On Sun, Sep 16, 2012 at 8:07 PM, Bryen M Yunashko <suserocks@bryen.com> wrote:
The more I have been thinking about the benefits of an annual release (even before the .x issue came into discussion) the more I find I *like* the idea of a once-a year release. It makes a lot of sense, at least in my corner.
When explained this way, I second this motion for annual release. openSUSE-12 or openSUSE-13 and so on and so forth seems intuitive. Not to throw too much of a monkey wrench at the subject, but as I understand it, the folks at Ubuntu use the year.month as in 11.04 would be 2011.April if anyone would be interested in going that route. However, if we just have the release year then things are a bit more simplified. Simple is good and easy to follow (IMHO). On Sun, Sep 16, 2012 at 8:07 PM, Bryen M Yunashko <suserocks@bryen.com> wrote:
On Sun, 2012-09-16 at 00:25 -0500, Rajko wrote:
We should quit with minor version nonsense: "Minor number means nothing", when in the rest of the software world it means patch level. Our approach is counter intuitive, requires additional processing and it should be treated as yet another obstacle.

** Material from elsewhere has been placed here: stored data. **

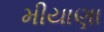
મીયાણા
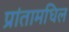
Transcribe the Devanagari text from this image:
प्रांतामधिल
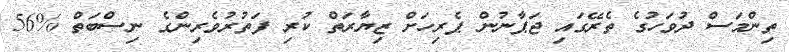
ތިންމަސް ދުވަހުގެ ތެރޭގައި ޖަޕާނުން ޕެރިހަށް ޒިޔާރަތް ކުރި ފަތުރުވެރިންގެ ނިސްބަތް %56
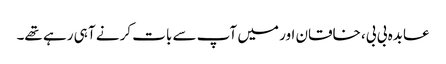
عابدہ بی بی، خاقان اور میں آپ سے بات کرنے آ ہی رہے تھے۔
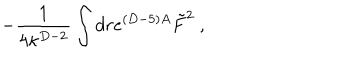
LaTeX: - { \frac { 1 } { 4 \kappa ^ { D - 2 } } } \int d r e ^ { ( D - 5 ) A } \tilde { F } ^ { 2 } \ ,
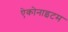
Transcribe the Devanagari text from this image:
ऐकोनाइटम
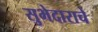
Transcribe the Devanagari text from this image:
सुभेदाराचे
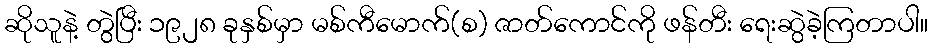
ဆိုသူနဲ့ တွဲပြီး ၁၉၂၈ ခုနှစ်မှာ မစ်ကီမောက်(စ) ဇာတ်ကောင်ကို ဖန်တီး ရေးဆွဲခဲ့ကြတာပါ။
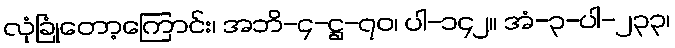
လုံခြုံတော့ကြောင်း၊ အဘိ-၄-ဋ္ဌ-၇၀၊ ပါ-၁၄၂။ အံ-၃-ပါ-၂၃၃၊
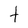
Character: 1
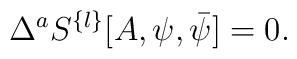
\Delta^a S^{\{l\}}[A,\psi,\bar\psi] = 0.
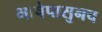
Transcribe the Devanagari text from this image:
भाषेपासुनच
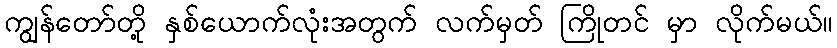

The reason why we re-defined our versioning was precisely because of what you said. From a marketing standpoint, we noticed a decrease in media coverage of our releases after .0's were released. People (particularly journalists) tended to perceive .1, .2, and .3 as updates to the "major release." They saw .0 as major revision and thus didn't bother to cover as much.
But in fact, .0, .1, .2, and .3 were meaningless in that concept. They were just simply releases. Just as you point out. .1, .2, .3 has meaning now, but as recently proven, that meaning became broken quite easily.
This is yet another reason why I think the once-a-year release of openSUSE could be appealing. Not only would it be appealing from a technical and support perspective, but even in amrketing we'd finally do away with .x's altogether. Just have openSUSE released once a year to reflect the year. openSUSE-12 or openSUSE 2012, and 2013, and 2014, and so on. Or, if we want to get really weird, o2p0enS1U2E. (Just to freak people out, LOL)
The more I have been thinking about the benefits of an annual release (even before the .x issue came into discussion) the more I find I *like* the idea of a once-a year release. It makes a lot of sense, at least in my corner.
And literally, if things go haywire like it did with 12.2 release, you actually have a 12-month window within your release date. You could delay and still be "on-time." :-)
So, I join the bandwagon to support an annual release plus a 2-year support lifecycle for each release.